TASK PROMPT ::
Copy out each entry precisely; no image belongs in the result.

EXTRACTED RECORDS ::

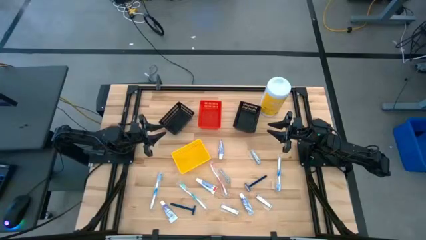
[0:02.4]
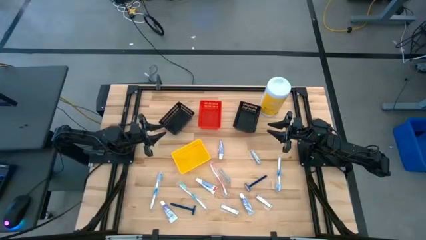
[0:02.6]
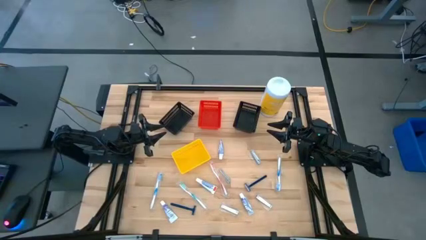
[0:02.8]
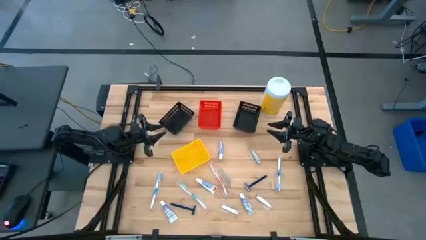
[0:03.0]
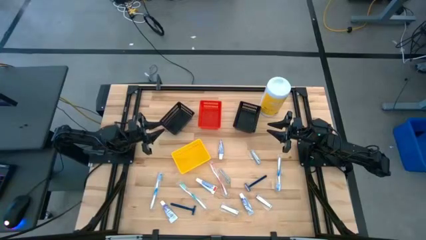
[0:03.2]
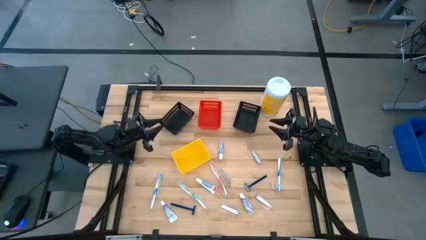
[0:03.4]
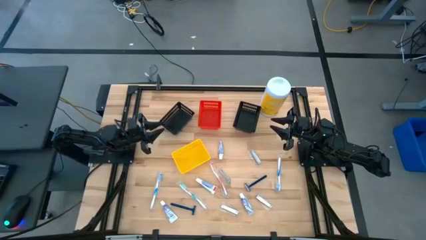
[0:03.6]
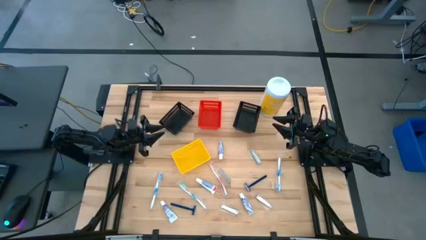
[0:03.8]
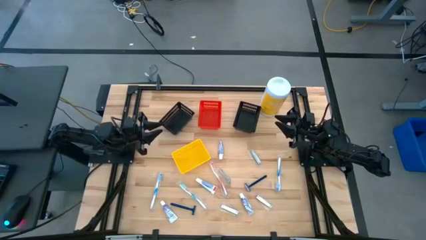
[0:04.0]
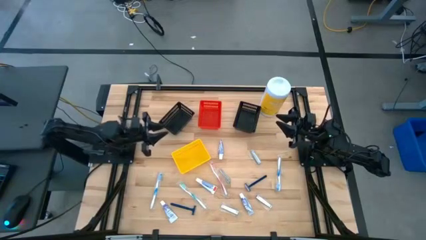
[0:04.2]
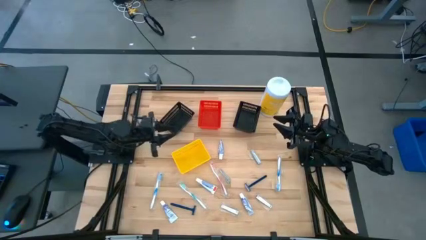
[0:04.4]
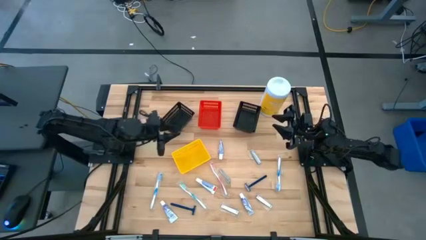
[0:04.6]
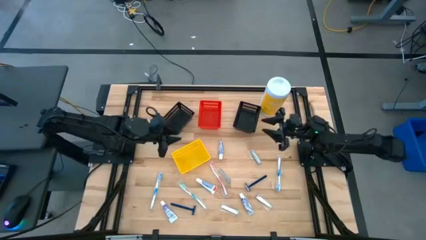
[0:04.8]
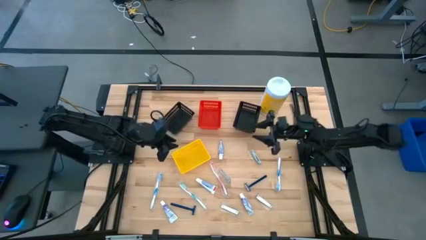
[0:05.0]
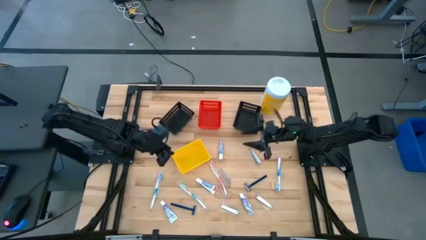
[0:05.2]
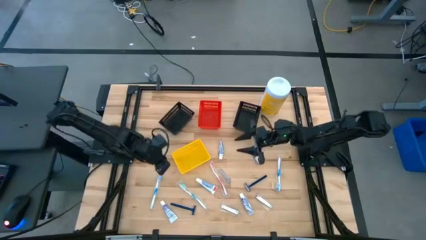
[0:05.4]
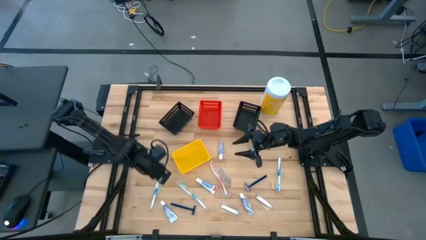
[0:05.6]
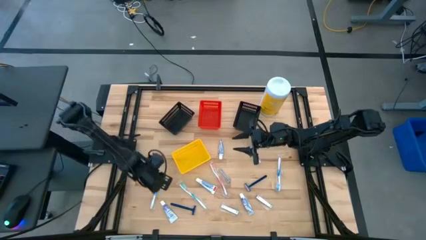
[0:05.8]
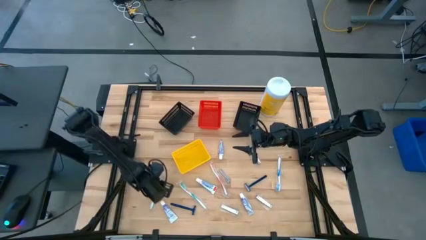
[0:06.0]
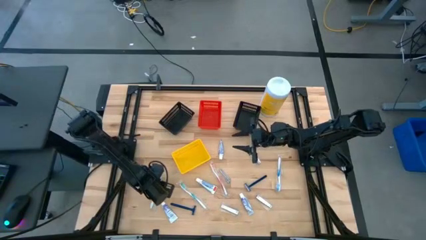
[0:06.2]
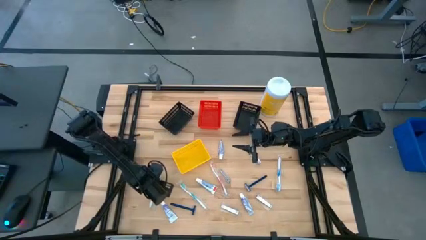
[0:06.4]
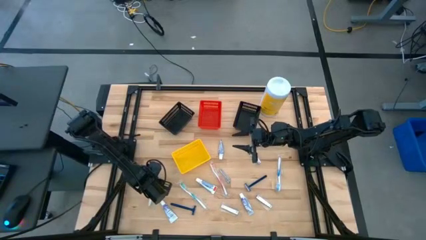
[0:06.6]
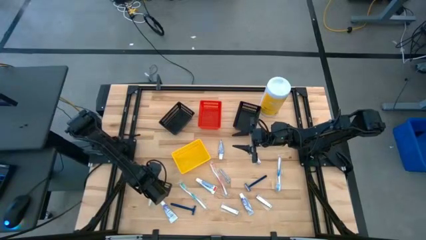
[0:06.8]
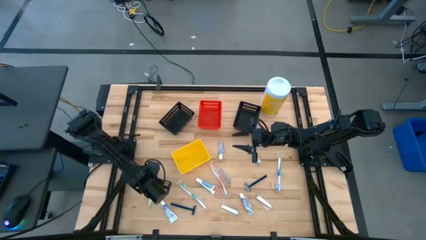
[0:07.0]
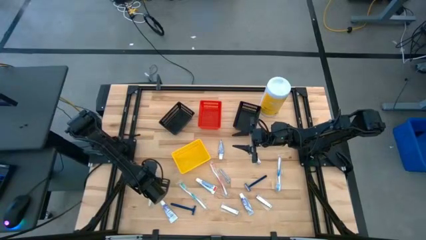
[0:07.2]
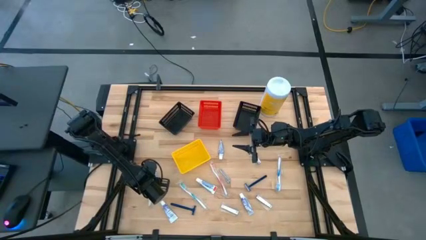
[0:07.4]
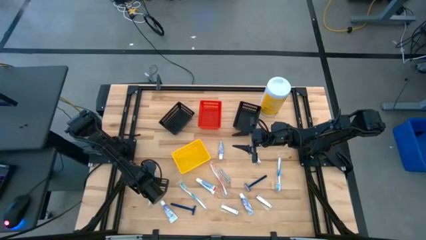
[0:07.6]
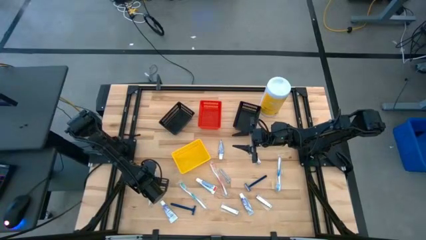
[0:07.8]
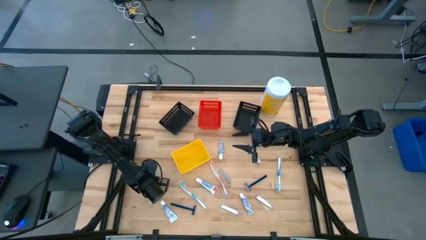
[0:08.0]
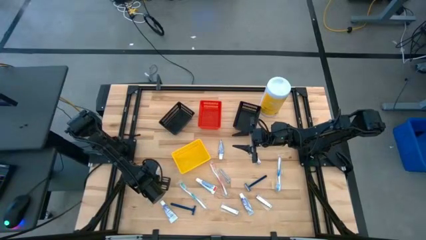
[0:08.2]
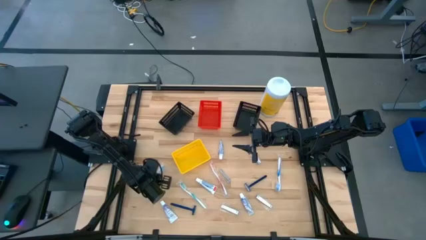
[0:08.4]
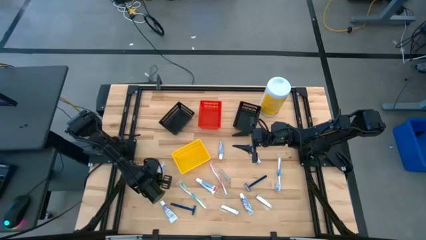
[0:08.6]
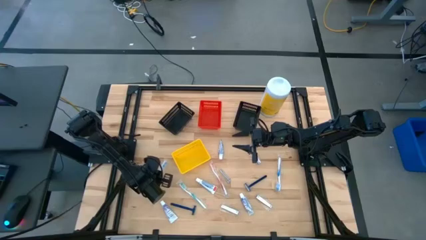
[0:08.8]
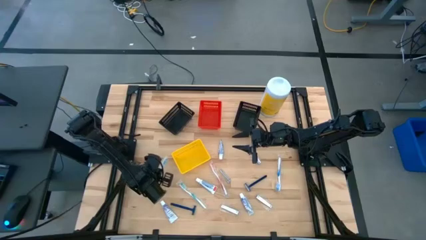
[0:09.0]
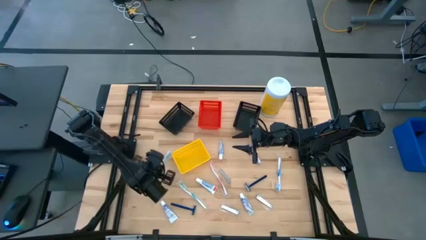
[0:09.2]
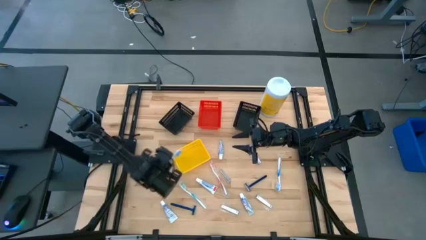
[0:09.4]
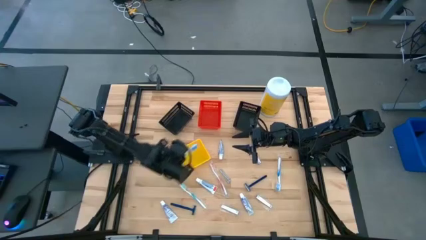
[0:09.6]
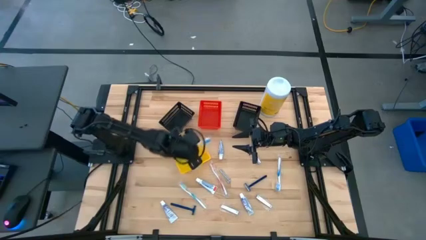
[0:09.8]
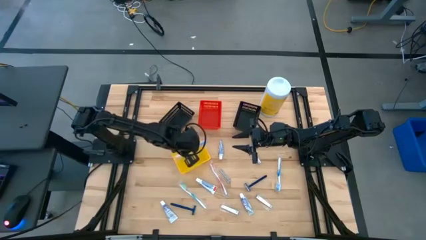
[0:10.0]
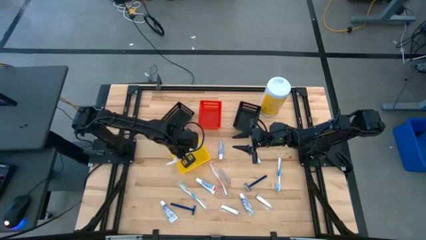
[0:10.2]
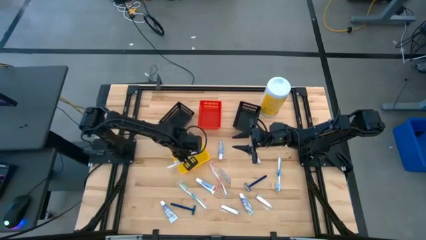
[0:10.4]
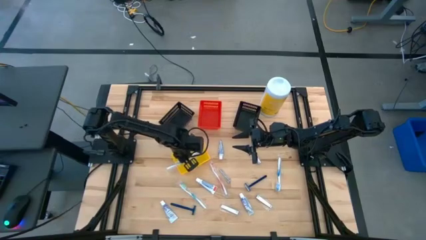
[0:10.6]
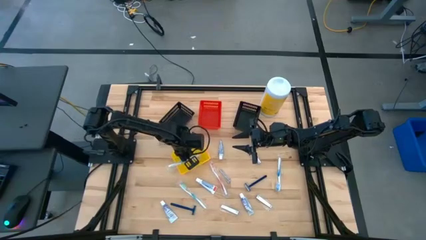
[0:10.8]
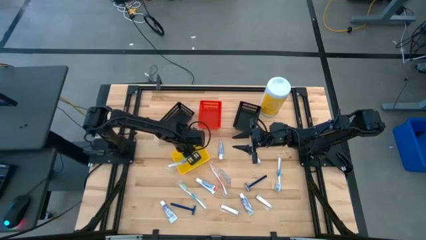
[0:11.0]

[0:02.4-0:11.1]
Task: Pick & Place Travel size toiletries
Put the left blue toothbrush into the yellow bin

RESULT OF THE EXERCISE ::
[0:02.4]
[0:02.6]
[0:02.8]
[0:03.0]
[0:03.2]
[0:03.4]
[0:03.6]
[0:03.8]
[0:04.0]
[0:04.2]
[0:04.4]
[0:04.6]
[0:04.8]
[0:05.0]
[0:05.2]
[0:05.4]
[0:05.6]
[0:05.8]
[0:06.0]
[0:06.2]
[0:06.4]
[0:06.6]
[0:06.8]
[0:07.0]
[0:07.2]
[0:07.4]
[0:07.6]
[0:07.8]
[0:08.0]
[0:08.2]
[0:08.4]
[0:08.6]
[0:08.8]
[0:09.0]
[0:09.2]
[0:09.4]
[0:09.6]
[0:09.8]
[0:10.0]
[0:10.2]
[0:10.4]
[0:10.6]
[0:10.8]
[0:11.0]

[0:02.4-0:11.1]
Task: Pick & Place Travel size toiletries
Put the left blue toothbrush into the yellow bin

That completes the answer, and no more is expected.